As the graph indicates, the normal distribution—and the analyses that require it—won’t be a good fit for data that follow a Poisson distribution with a mean of 3.2.

Creating Probability Distribution Plots in Minitab

It's easy to use Minitab to create plots to visualize and to compare distributions and even to scrutinize an area of interest.

Let's say a market researcher wants to interview customers with satisfaction scores between 115 and 135. Minitab’s Individual Distribution Identification feature shows that these scores are normally distributed with a mean of 100 and a standard deviation of 15. However, the analyst can’t visualize where his subjects fall within the range of scores or their proportion of the entire distribution.

Choose Graph > Probability Distribution Plot > View Probability.
Click OK.

dialog box

From Distribution, choose Normal.
In Mean, type 100.
In Standard deviation, type 15.
Click on the "Shaded Area" tab. 

distribution plot dialog box 2

In Define Shaded Area By, choose X Value.
Click Middle.
In X value 1, type 115.
In X value 2, type 135.
Click OK.

Minitab creates the following plot: 

distribution plot

About 15% of sampled customers had scores in the region of interest (115-135). This is not a very large percentage, so the researcher may face challenges in finding qualified subjects.

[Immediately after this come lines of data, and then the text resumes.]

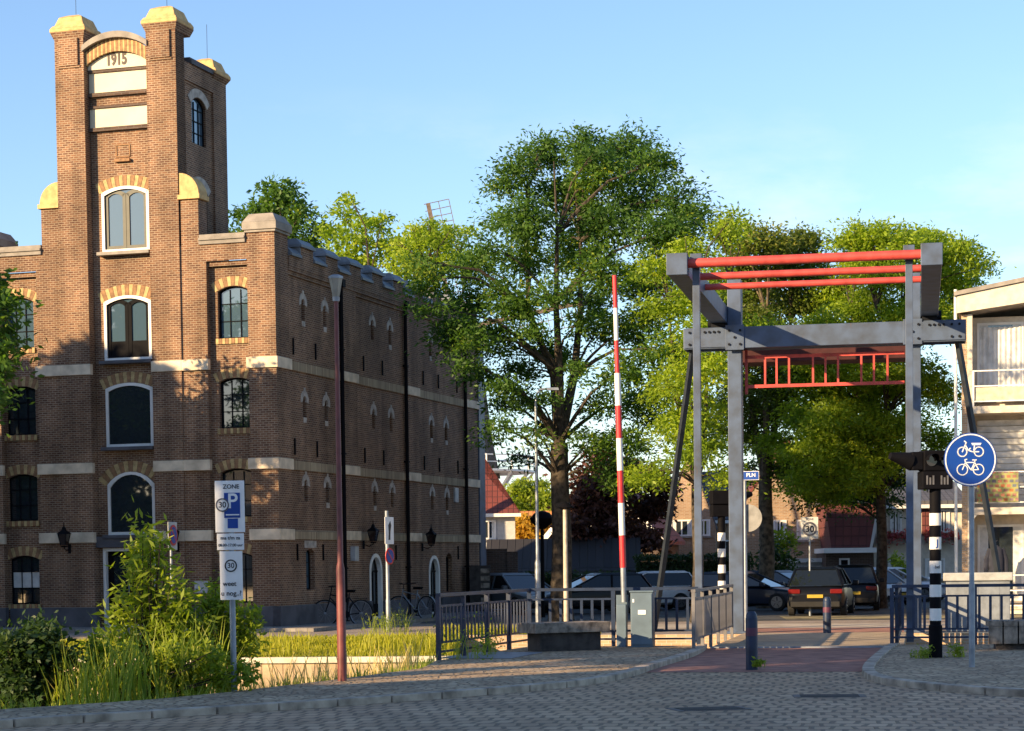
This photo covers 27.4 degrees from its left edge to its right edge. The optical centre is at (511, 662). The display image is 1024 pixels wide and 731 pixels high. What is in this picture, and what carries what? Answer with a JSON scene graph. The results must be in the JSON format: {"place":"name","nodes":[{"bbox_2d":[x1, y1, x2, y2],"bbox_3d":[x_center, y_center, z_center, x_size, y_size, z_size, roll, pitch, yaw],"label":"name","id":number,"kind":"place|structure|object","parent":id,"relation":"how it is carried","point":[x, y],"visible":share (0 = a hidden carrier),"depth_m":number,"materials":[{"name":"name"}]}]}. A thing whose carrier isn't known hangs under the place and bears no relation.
{"place":"outdoors","nodes":[
{"label":"outdoors","id":0,"kind":"place"},
{"bbox_2d":[55,627,460,658],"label":"grass bank","id":1,"kind":"structure","parent":0,"point":[332,646],"depth_m":43.88,"materials":[{"name":"green plant"}]},
{"bbox_2d":[67,656,445,694],"bbox_3d":[-5.249,0.264,44.580,8.504,0.900,4.559,-1,3,0],"label":"timber revetment","id":2,"kind":"object","parent":1,"relation":"on","point":[285,662],"visible":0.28,"depth_m":42.66,"materials":[{"name":"beige wood"}]},
{"bbox_2d":[0,609,534,632],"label":"sidewalk","id":3,"kind":"structure","parent":0,"point":[325,626],"depth_m":53.76,"materials":[{"name":"tile"}]},
{"bbox_2d":[0,645,691,718],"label":"pavement","id":4,"kind":"structure","parent":0,"point":[455,674],"depth_m":28.11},
{"bbox_2d":[328,274,346,680],"bbox_3d":[-2.310,-2.440,28.035,0.194,5.430,0.168,-1,3,1],"label":"lamp post","id":5,"kind":"object","parent":4,"relation":"on","point":[335,280],"visible":0.91,"depth_m":28.03,"materials":[{"name":"grey metal"}]},
{"bbox_2d":[419,612,504,659],"bbox_3d":[-0.727,-0.395,34.095,1.118,0.850,1.774,-3,4,-45],"label":"weed","id":6,"kind":"object","parent":4,"relation":"on","point":[457,649],"visible":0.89,"depth_m":34.14,"materials":[{"name":"green plant"}]},
{"bbox_2d":[442,652,541,658],"bbox_3d":[-0.351,-0.123,35.333,1.240,0.012,2.200,0,3,14],"label":"hatch plate","id":7,"kind":"object","parent":4,"relation":"on","point":[503,655],"visible":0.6,"depth_m":35.03,"materials":[{"name":"metal"}]},
{"bbox_2d":[518,621,609,651],"bbox_3d":[0.924,-0.455,37.120,1.500,0.520,0.648,-2,3,-27],"label":"bench","id":8,"kind":"object","parent":4,"relation":"on","point":[564,636],"visible":0.95,"depth_m":36.87,"materials":[{"name":"grey concrete"}]},
{"bbox_2d":[612,275,627,646],"bbox_3d":[1.968,-3.655,38.258,0.220,6.749,0.250,0,3,11],"label":"boom barrier","id":9,"kind":"object","parent":4,"relation":"on","point":[622,618],"visible":1,"depth_m":38.23,"materials":[{"name":"metal"}]},
{"bbox_2d":[629,590,655,646],"bbox_3d":[2.380,-0.795,38.204,0.440,1.030,0.405,0,3,11],"label":"control cabinet","id":10,"kind":"object","parent":4,"relation":"on","point":[642,618],"visible":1,"depth_m":38.01,"materials":[{"name":"grey metal"}]},
{"bbox_2d":[485,459,520,545],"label":"house","id":11,"kind":"structure","parent":0,"point":[502,511],"depth_m":87.85,"materials":[{"name":"red tile"}]},
{"bbox_2d":[4,619,1015,639],"bbox_3d":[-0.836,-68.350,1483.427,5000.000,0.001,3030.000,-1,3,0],"label":"street","id":12,"kind":"structure","parent":0,"point":[421,627],"depth_m":51.85,"materials":[{"name":"grey asphalt"}]},
{"bbox_2d":[0,241,47,437],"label":"tree","id":13,"kind":"object","parent":12,"relation":"on","point":[8,298],"visible":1,"depth_m":47.53,"materials":[{"name":"green plant"}]},
{"bbox_2d":[0,0,485,626],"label":"warehouse","id":14,"kind":"structure","parent":12,"relation":"on","point":[182,364],"depth_m":54.09,"materials":[{"name":"brown brick"}]},
{"bbox_2d":[4,377,37,440],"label":"window","id":15,"kind":"structure","parent":14,"relation":"in","point":[22,425],"depth_m":54.98,"materials":[{"name":"black glass"}]},
{"bbox_2d":[6,288,35,352],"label":"window","id":16,"kind":"structure","parent":14,"relation":"in","point":[26,331],"depth_m":54.84,"materials":[{"name":"grey glass"}]},
{"bbox_2d":[6,465,39,526],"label":"window","id":17,"kind":"structure","parent":14,"relation":"in","point":[23,488],"depth_m":55.09,"materials":[{"name":"black glass"}]},
{"bbox_2d":[8,546,41,609],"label":"window","id":18,"kind":"structure","parent":14,"relation":"in","point":[25,569],"depth_m":55.20,"materials":[{"name":"glass"}]},
{"bbox_2d":[95,175,149,256],"bbox_3d":[-9.918,-11.453,53.716,1.694,2.039,0.330,0,3,17],"label":"window","id":19,"kind":"structure","parent":14,"relation":"in","point":[125,209],"depth_m":53.79,"materials":[{"name":"glass"}]},
{"bbox_2d":[98,284,151,364],"bbox_3d":[-9.884,-8.681,53.846,1.694,2.029,0.330,0,3,17],"label":"window","id":20,"kind":"structure","parent":14,"relation":"in","point":[127,318],"depth_m":53.92,"materials":[{"name":"glass"}]},
{"bbox_2d":[98,461,154,538],"bbox_3d":[-9.835,-4.194,54.033,1.883,1.988,0.278,0,3,17],"label":"window","id":21,"kind":"structure","parent":14,"relation":"in","point":[120,489],"depth_m":54.12,"materials":[{"name":"black glass"}]},
{"bbox_2d":[99,372,153,450],"bbox_3d":[-9.865,-6.462,53.926,1.681,2.009,0.278,0,3,17],"label":"window","id":22,"kind":"structure","parent":14,"relation":"in","point":[129,406],"depth_m":54.00,"materials":[{"name":"black glass"}]},
{"bbox_2d":[188,88,209,146],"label":"window","id":23,"kind":"structure","parent":14,"relation":"in","point":[197,109],"depth_m":54.40,"materials":[{"name":"black glass"}]},
{"bbox_2d":[210,276,247,343],"bbox_3d":[-7.018,-8.903,53.043,1.241,1.699,0.190,0,3,17],"label":"window","id":24,"kind":"structure","parent":14,"relation":"in","point":[233,301],"depth_m":53.10,"materials":[{"name":"grey glass"}]},
{"bbox_2d":[213,368,249,433],"bbox_3d":[-6.990,-6.626,53.150,1.208,1.659,0.190,0,3,17],"label":"window","id":25,"kind":"structure","parent":14,"relation":"in","point":[235,406],"depth_m":53.21,"materials":[{"name":"grey glass"}]},
{"bbox_2d":[215,458,251,521],"bbox_3d":[-6.963,-4.364,53.257,1.208,1.609,0.190,0,3,17],"label":"window","id":26,"kind":"structure","parent":14,"relation":"in","point":[244,475],"depth_m":53.27,"materials":[{"name":"black glass"}]},
{"bbox_2d":[216,543,252,606],"bbox_3d":[-6.936,-2.211,53.359,1.208,1.659,0.190,0,3,17],"label":"window","id":27,"kind":"structure","parent":14,"relation":"in","point":[246,558],"depth_m":53.37,"materials":[{"name":"black paint"}]},
{"bbox_2d":[369,553,382,618],"bbox_3d":[-3.912,-2.146,59.456,0.160,1.880,1.000,0,3,17],"label":"arched door","id":28,"kind":"structure","parent":14,"relation":"in","point":[372,570],"depth_m":59.74,"materials":[{"name":"white paint"}]},
{"bbox_2d":[429,555,439,613],"bbox_3d":[-2.438,-2.366,64.282,0.160,1.830,1.000,0,3,17],"label":"arched door","id":29,"kind":"structure","parent":14,"relation":"in","point":[434,559],"depth_m":64.53,"materials":[{"name":"white paint"}]},
{"bbox_2d":[228,172,338,259],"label":"tree","id":30,"kind":"object","parent":12,"relation":"on","point":[282,198],"visible":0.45,"depth_m":86.51,"materials":[{"name":"green plant"}]},
{"bbox_2d":[315,586,373,623],"bbox_3d":[-4.394,-1.472,54.818,1.784,1.081,0.605,1,3,25],"label":"bicycle","id":31,"kind":"object","parent":12,"relation":"on","point":[348,614],"visible":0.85,"depth_m":54.72,"materials":[{"name":"metal"}]},
{"bbox_2d":[308,190,462,280],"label":"tree","id":32,"kind":"object","parent":12,"relation":"on","point":[362,239],"visible":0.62,"depth_m":83.20,"materials":[{"name":"green plant"}]},
{"bbox_2d":[385,511,393,631],"bbox_3d":[-2.975,-2.158,50.445,0.141,2.970,0.400,1,3,28],"label":"no parking sign","id":33,"kind":"object","parent":12,"relation":"on","point":[389,537],"visible":0.96,"depth_m":50.42,"materials":[{"name":"metal"}]},
{"bbox_2d":[390,583,434,617],"bbox_3d":[-2.822,-1.727,59.817,1.796,1.081,0.605,2,4,40],"label":"bicycle","id":34,"kind":"object","parent":12,"relation":"on","point":[417,609],"visible":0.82,"depth_m":59.70,"materials":[{"name":"metal"}]},
{"bbox_2d":[366,214,508,294],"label":"tree","id":35,"kind":"object","parent":12,"relation":"on","point":[435,238],"visible":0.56,"depth_m":72.52,"materials":[{"name":"green plant"}]},
{"bbox_2d":[424,199,583,497],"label":"windmill","id":36,"kind":"object","parent":12,"relation":"on","point":[490,458],"visible":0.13,"depth_m":149.22,"materials":[{"name":"white paint"}]},
{"bbox_2d":[503,475,551,510],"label":"tree","id":37,"kind":"object","parent":12,"relation":"on","point":[522,493],"visible":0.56,"depth_m":115.42,"materials":[{"name":"green plant"}]},
{"bbox_2d":[515,511,551,538],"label":"bush","id":38,"kind":"object","parent":12,"relation":"on","point":[524,527],"visible":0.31,"depth_m":99.09,"materials":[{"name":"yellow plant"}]},
{"bbox_2d":[534,387,558,621],"bbox_3d":[0.935,-4.173,55.866,0.695,6.250,0.143,-1,3,0],"label":"street light","id":39,"kind":"object","parent":12,"relation":"on","point":[537,578],"visible":0.91,"depth_m":55.86,"materials":[{"name":"metal"}]},
{"bbox_2d":[556,501,573,620],"bbox_3d":[1.402,-2.608,54.939,0.480,3.200,0.468,-1,3,0],"label":"post lamp","id":40,"kind":"object","parent":12,"relation":"on","point":[565,506],"visible":0.86,"depth_m":54.89,"materials":[{"name":"white metal"}]},
{"bbox_2d":[672,459,716,560],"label":"house","id":41,"kind":"structure","parent":12,"relation":"on","point":[683,527],"depth_m":95.78,"materials":[{"name":"brick"}]},
{"bbox_2d":[672,520,691,537],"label":"window","id":42,"kind":"structure","parent":41,"relation":"in","point":[683,528],"depth_m":95.84,"materials":[{"name":"white paint"}]},
{"bbox_2d":[606,201,801,622],"bbox_3d":[5.058,-6.490,54.567,5.256,11.100,5.462,-1,3,0],"label":"tree","id":43,"kind":"object","parent":12,"relation":"on","point":[677,303],"visible":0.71,"depth_m":54.06,"materials":[{"name":"green plant"}]},
{"bbox_2d":[708,490,752,592],"bbox_3d":[5.069,-2.352,48.558,1.014,3.240,0.460,-1,3,-10],"label":"signal post","id":44,"kind":"object","parent":12,"relation":"on","point":[719,503],"visible":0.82,"depth_m":48.33,"materials":[{"name":"black metal"}]},
{"bbox_2d":[744,471,761,627],"bbox_3d":[5.334,-2.502,47.418,0.620,3.640,0.120,0,3,14],"label":"round sign","id":45,"kind":"object","parent":12,"relation":"on","point":[752,517],"visible":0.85,"depth_m":47.40,"materials":[{"name":"metal"}]},
{"bbox_2d":[746,440,821,570],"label":"house","id":46,"kind":"structure","parent":12,"relation":"on","point":[782,511],"depth_m":84.83,"materials":[{"name":"brick"}]},
{"bbox_2d":[655,242,1000,647],"bbox_3d":[6.413,-4.153,43.730,8.300,8.220,12.440,0,3,11],"label":"drawbridge","id":47,"kind":"object","parent":12,"relation":"on","point":[906,338],"visible":0.94,"depth_m":45.08,"materials":[{"name":"grey metal"}]},
{"bbox_2d":[691,584,733,647],"bbox_3d":[3.887,-0.893,40.323,0.080,1.130,7.680,0,3,11],"label":"bridge railing","id":48,"kind":"object","parent":47,"relation":"on","point":[712,614],"visible":0.98,"depth_m":39.56,"materials":[{"name":"grey metal"}]},
{"bbox_2d":[823,597,830,632],"bbox_3d":[6.798,-1.008,45.307,0.179,0.820,0.179,-1,3,0],"label":"bollard","id":49,"kind":"object","parent":47,"relation":"on","point":[826,614],"visible":0.91,"depth_m":45.23,"materials":[{"name":"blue metal"}]},
{"bbox_2d":[894,582,901,642],"bbox_3d":[7.645,-0.996,41.526,0.080,1.130,7.480,0,3,11],"label":"bridge railing","id":50,"kind":"object","parent":47,"relation":"on","point":[898,591],"visible":0.84,"depth_m":39.30,"materials":[{"name":"metal"}]},
{"bbox_2d":[868,481,961,598],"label":"house","id":51,"kind":"structure","parent":12,"relation":"on","point":[947,521],"depth_m":81.88,"materials":[{"name":"brown brick"}]},
{"bbox_2d":[943,572,1012,631],"bbox_3d":[10.184,-1.330,45.938,1.480,1.280,0.820,0,3,11],"label":"utility cabinet","id":52,"kind":"object","parent":12,"relation":"on","point":[985,578],"visible":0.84,"depth_m":45.57,"materials":[{"name":"beige metal"}]},
{"bbox_2d":[954,277,1023,613],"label":"apartment block","id":53,"kind":"structure","parent":12,"relation":"on","point":[992,314],"depth_m":60.20,"materials":[{"name":"beige brick"}]},
{"bbox_2d":[984,540,1007,571],"bbox_3d":[13.742,-2.904,59.618,0.700,1.148,0.250,-1,3,0],"label":"curtain","id":54,"kind":"object","parent":53,"relation":"hanging from","point":[988,561],"visible":0.48,"depth_m":59.58,"materials":[{"name":"grey fabric"}]},
{"bbox_2d":[977,471,1017,501],"bbox_3d":[13.723,-4.964,59.355,1.150,0.850,0.020,0,3,14],"label":"blanket","id":55,"kind":"object","parent":53,"relation":"hanging from","point":[1002,486],"visible":0.86,"depth_m":59.31,"materials":[{"name":"fabric"}]},
{"bbox_2d":[974,322,1023,402],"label":"window","id":56,"kind":"structure","parent":53,"relation":"in","point":[1001,324],"depth_m":60.26,"materials":[{"name":"white paint"}]},
{"bbox_2d":[977,524,1023,603],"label":"window","id":57,"kind":"structure","parent":53,"relation":"in","point":[1010,537],"depth_m":60.48,"materials":[{"name":"white glass"}]},
{"bbox_2d":[0,672,1023,730],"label":"road","id":58,"kind":"structure","parent":0,"point":[642,702],"depth_m":22.46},
{"bbox_2d":[0,644,706,727],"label":"kerb","id":59,"kind":"structure","parent":58,"relation":"on","point":[245,708],"depth_m":23.91,"materials":[{"name":"concrete"}]},
{"bbox_2d":[435,587,700,660],"bbox_3d":[0.224,-0.711,37.037,6.581,1.145,2.616,-3,4,-45],"label":"railing fence","id":60,"kind":"object","parent":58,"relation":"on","point":[508,601],"visible":0.74,"depth_m":37.62,"materials":[{"name":"grey metal"}]},
{"bbox_2d":[666,706,753,711],"bbox_3d":[2.136,0.506,22.750,0.840,0.028,0.520,-1,3,-12],"label":"drain cover","id":61,"kind":"object","parent":58,"relation":"on","point":[715,708],"visible":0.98,"depth_m":22.66,"materials":[{"name":"metal"}]},
{"bbox_2d":[862,643,1023,696],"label":"kerb","id":62,"kind":"structure","parent":58,"relation":"on","point":[870,672],"depth_m":25.78,"materials":[{"name":"concrete"}]},
{"bbox_2d":[890,583,1023,644],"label":"railing fence","id":63,"kind":"object","parent":58,"relation":"on","point":[892,628],"visible":0.72,"depth_m":37.53,"materials":[{"name":"blue metal"}]},
{"bbox_2d":[0,0,1023,635],"label":"sky","id":64,"kind":"structure","parent":0,"point":[812,112],"materials":[{"name":"blue"}]},
{"bbox_2d":[544,492,684,561],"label":"house","id":65,"kind":"structure","parent":0,"point":[674,536],"depth_m":90.10,"materials":[{"name":"brick"}]},
{"bbox_2d":[496,623,944,628],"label":"cross street","id":66,"kind":"structure","parent":0,"point":[818,625],"depth_m":51.09,"materials":[{"name":"grey asphalt"}]},
{"bbox_2d":[422,599,1021,622],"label":"parking","id":67,"kind":"structure","parent":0,"point":[770,614],"depth_m":62.29,"materials":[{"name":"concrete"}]},
{"bbox_2d":[470,565,490,611],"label":"cabinet row","id":68,"kind":"object","parent":67,"relation":"on","point":[479,577],"visible":0.7,"depth_m":66.65,"materials":[{"name":"grey metal"}]},
{"bbox_2d":[486,549,517,608],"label":"garden wall","id":69,"kind":"structure","parent":67,"relation":"on","point":[501,561],"depth_m":70.79,"materials":[{"name":"brick"}]},
{"bbox_2d":[490,573,550,614],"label":"parked car","id":70,"kind":"object","parent":67,"relation":"on","point":[502,581],"visible":0.27,"depth_m":66.55,"materials":[{"name":"grey paint"}]},
{"bbox_2d":[530,511,551,616],"bbox_3d":[0.902,-2.902,61.933,0.720,3.140,0.709,-1,3,0],"label":"globe lamp","id":71,"kind":"object","parent":67,"relation":"on","point":[545,519],"visible":0.84,"depth_m":61.86,"materials":[{"name":"metal"}]},
{"bbox_2d":[389,114,723,620],"bbox_3d":[1.555,-8.175,57.801,9.693,14.248,8.153,-1,3,0],"label":"tree","id":72,"kind":"object","parent":67,"relation":"on","point":[608,161],"visible":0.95,"depth_m":56.50,"materials":[{"name":"green plant"}]},
{"bbox_2d":[486,538,640,574],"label":"shed","id":73,"kind":"structure","parent":67,"relation":"on","point":[588,555],"depth_m":77.66,"materials":[{"name":"wood"}]},
{"bbox_2d":[545,573,651,613],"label":"parked car","id":74,"kind":"object","parent":67,"relation":"on","point":[601,580],"visible":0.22,"depth_m":65.42,"materials":[{"name":"black paint"}]},
{"bbox_2d":[539,436,686,561],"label":"tree","id":75,"kind":"object","parent":67,"relation":"on","point":[593,516],"visible":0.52,"depth_m":78.97,"materials":[{"name":"brown plant"}]},
{"bbox_2d":[596,571,692,610],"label":"parked car","id":76,"kind":"object","parent":67,"relation":"on","point":[677,578],"visible":0.24,"depth_m":68.98,"materials":[{"name":"white paint"}]},
{"bbox_2d":[632,551,753,606],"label":"hedge","id":77,"kind":"object","parent":67,"relation":"on","point":[683,562],"visible":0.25,"depth_m":74.52,"materials":[{"name":"green plant"}]},
{"bbox_2d":[688,571,796,610],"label":"parked car","id":78,"kind":"object","parent":67,"relation":"on","point":[762,590],"visible":0.38,"depth_m":66.17,"materials":[{"name":"black paint"}]},
{"bbox_2d":[682,215,840,608],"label":"tree","id":79,"kind":"object","parent":67,"relation":"on","point":[787,300],"visible":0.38,"depth_m":69.14,"materials":[{"name":"green plant"}]},
{"bbox_2d":[750,536,813,570],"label":"bush","id":80,"kind":"object","parent":67,"relation":"on","point":[783,558],"visible":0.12,"depth_m":75.56,"materials":[{"name":"green plant"}]},
{"bbox_2d":[774,525,800,568],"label":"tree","id":81,"kind":"object","parent":67,"relation":"on","point":[787,537],"visible":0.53,"depth_m":78.84,"materials":[{"name":"green plant"}]},
{"bbox_2d":[801,517,817,615],"bbox_3d":[8.500,-2.730,59.932,0.480,2.840,0.092,-1,3,4],"label":"speed sign","id":82,"kind":"object","parent":67,"relation":"on","point":[809,528],"visible":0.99,"depth_m":59.84,"materials":[{"name":"metal"}]},
{"bbox_2d":[787,566,858,615],"bbox_3d":[9.073,-2.110,61.474,1.995,1.393,4.027,0,3,14],"label":"parked car","id":83,"kind":"object","parent":67,"relation":"on","point":[812,588],"visible":1,"depth_m":59.71,"materials":[{"name":"black paint"}]},
{"bbox_2d":[746,438,927,563],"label":"tree","id":84,"kind":"object","parent":67,"relation":"on","point":[891,499],"visible":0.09,"depth_m":71.35,"materials":[{"name":"green plant"}]},
{"bbox_2d":[814,501,876,566],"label":"house","id":85,"kind":"structure","parent":67,"relation":"on","point":[843,540],"depth_m":80.77,"materials":[{"name":"brick"}]},
{"bbox_2d":[831,564,884,610],"bbox_3d":[10.823,-2.384,66.468,1.909,1.428,3.765,0,3,10],"label":"parked car","id":86,"kind":"object","parent":67,"relation":"on","point":[865,590],"visible":0.54,"depth_m":64.72,"materials":[{"name":"black paint"}]},
{"bbox_2d":[743,209,1016,608],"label":"tree","id":87,"kind":"object","parent":67,"relation":"on","point":[844,430],"visible":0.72,"depth_m":66.71,"materials":[{"name":"green plant"}]},
{"bbox_2d":[870,568,905,605],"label":"parked car","id":88,"kind":"object","parent":67,"relation":"on","point":[893,578],"visible":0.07,"depth_m":72.33,"materials":[{"name":"white paint"}]},
{"bbox_2d":[780,615,1021,618],"bbox_3d":[11.786,-1.251,57.261,9.031,0.001,3.041,0,3,10],"label":"verge strip","id":89,"kind":"object","parent":67,"relation":"on","point":[851,617],"visible":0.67,"depth_m":57.58,"materials":[{"name":"grey stone"}]},
{"bbox_2d":[873,567,945,601],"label":"parked car","id":90,"kind":"object","parent":67,"relation":"on","point":[900,572],"visible":0.17,"depth_m":77.30,"materials":[{"name":"white paint"}]},
{"bbox_2d":[702,471,750,559],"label":"house","id":91,"kind":"structure","parent":0,"point":[726,523],"depth_m":100.85,"materials":[{"name":"brick"}]},
{"bbox_2d":[466,633,988,652],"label":"quay wall","id":92,"kind":"structure","parent":0,"point":[714,639],"depth_m":46.18,"materials":[{"name":"beige brick"}]},
{"bbox_2d":[648,648,880,671],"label":"red lane","id":93,"kind":"structure","parent":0,"point":[791,659],"depth_m":33.40,"materials":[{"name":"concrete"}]},
{"bbox_2d":[745,611,757,669],"bbox_3d":[3.506,-0.310,30.721,0.179,0.880,0.179,-1,3,0],"label":"bollard","id":94,"kind":"object","parent":93,"relation":"on","point":[751,629],"visible":0.9,"depth_m":30.65,"materials":[{"name":"blue metal"}]},
{"bbox_2d":[758,627,905,632],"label":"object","id":95,"kind":"structure","parent":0,"point":[818,630],"depth_m":47.66,"materials":[{"name":"concrete"}]},
{"bbox_2d":[875,644,1023,687],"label":"pavement","id":96,"kind":"structure","parent":0,"point":[993,667],"depth_m":29.89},
{"bbox_2d":[888,450,952,657],"bbox_3d":[6.355,-1.665,32.588,1.014,3.240,0.460,-1,3,-8],"label":"signal post","id":97,"kind":"object","parent":96,"relation":"on","point":[934,478],"visible":0.95,"depth_m":32.59,"materials":[{"name":"black metal"}]},
{"bbox_2d":[944,433,996,666],"bbox_3d":[6.457,-1.569,29.638,0.750,3.325,0.116,-1,3,-3],"label":"cycle sign","id":98,"kind":"object","parent":96,"relation":"on","point":[970,460],"visible":1,"depth_m":29.53,"materials":[{"name":"metal"}]},
{"bbox_2d":[985,619,1023,649],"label":"bench","id":99,"kind":"object","parent":96,"relation":"on","point":[1006,634],"visible":0.98,"depth_m":35.19,"materials":[{"name":"grey concrete"}]},
{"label":"canal bank","id":100,"kind":"structure","parent":0,"visible":0},
{"bbox_2d":[0,606,95,708],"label":"shrub","id":101,"kind":"object","parent":100,"relation":"on","point":[24,650],"visible":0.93,"depth_m":25.33,"materials":[{"name":"green plant"}]},
{"bbox_2d":[0,608,247,708],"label":"reeds","id":102,"kind":"object","parent":100,"relation":"on","point":[83,685],"visible":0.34,"depth_m":25.41,"materials":[{"name":"green plant"}]},
{"bbox_2d":[74,495,227,670],"bbox_3d":[-4.708,-0.727,27.563,1.913,2.987,1.423,0,3,10],"label":"shrub","id":103,"kind":"object","parent":100,"relation":"on","point":[145,600],"visible":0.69,"depth_m":27.42,"materials":[{"name":"green plant"}]},
{"bbox_2d":[62,624,261,700],"bbox_3d":[-4.489,0.165,26.345,2.816,1.326,1.107,-1,3,0],"label":"shrub","id":104,"kind":"object","parent":100,"relation":"on","point":[210,668],"visible":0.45,"depth_m":26.13,"materials":[{"name":"green plant"}]},
{"bbox_2d":[0,653,437,708],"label":"bank grass","id":105,"kind":"structure","parent":100,"relation":"on","point":[428,661],"depth_m":26.07,"materials":[{"name":"green plant"}]},
{"bbox_2d":[215,481,244,691],"bbox_3d":[-3.493,-0.942,26.185,0.370,2.640,0.112,-1,3,4],"label":"parking sign","id":106,"kind":"object","parent":100,"relation":"on","point":[229,508],"visible":1,"depth_m":26.12,"materials":[{"name":"metal"}]},
{"bbox_2d":[190,570,275,689],"bbox_3d":[-3.826,-0.263,28.230,1.366,1.973,1.120,-1,3,0],"label":"shrub","id":107,"kind":"object","parent":100,"relation":"on","point":[244,635],"visible":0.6,"depth_m":28.03,"materials":[{"name":"green plant"}]},
{"bbox_2d":[208,636,423,691],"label":"straw reeds","id":108,"kind":"object","parent":100,"relation":"on","point":[408,659],"visible":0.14,"depth_m":30.16,"materials":[{"name":"plant"}]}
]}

Using Probability Distribution Plots

Just like your camera when it assembles 1s and 0s into pictures, probability distribution plots let you see the deeper meaning of the numbers that describe your distributions. You can use these graphs to highlight the impact of changing distributions and parameter values, to show where target values fall in a distribution, and to view the proportions that are associated with shaded areas. These simple plots also clearly and easily communicate these advanced concepts to a non-statistical audience that might be confused by hard-to-understand concepts and numbers.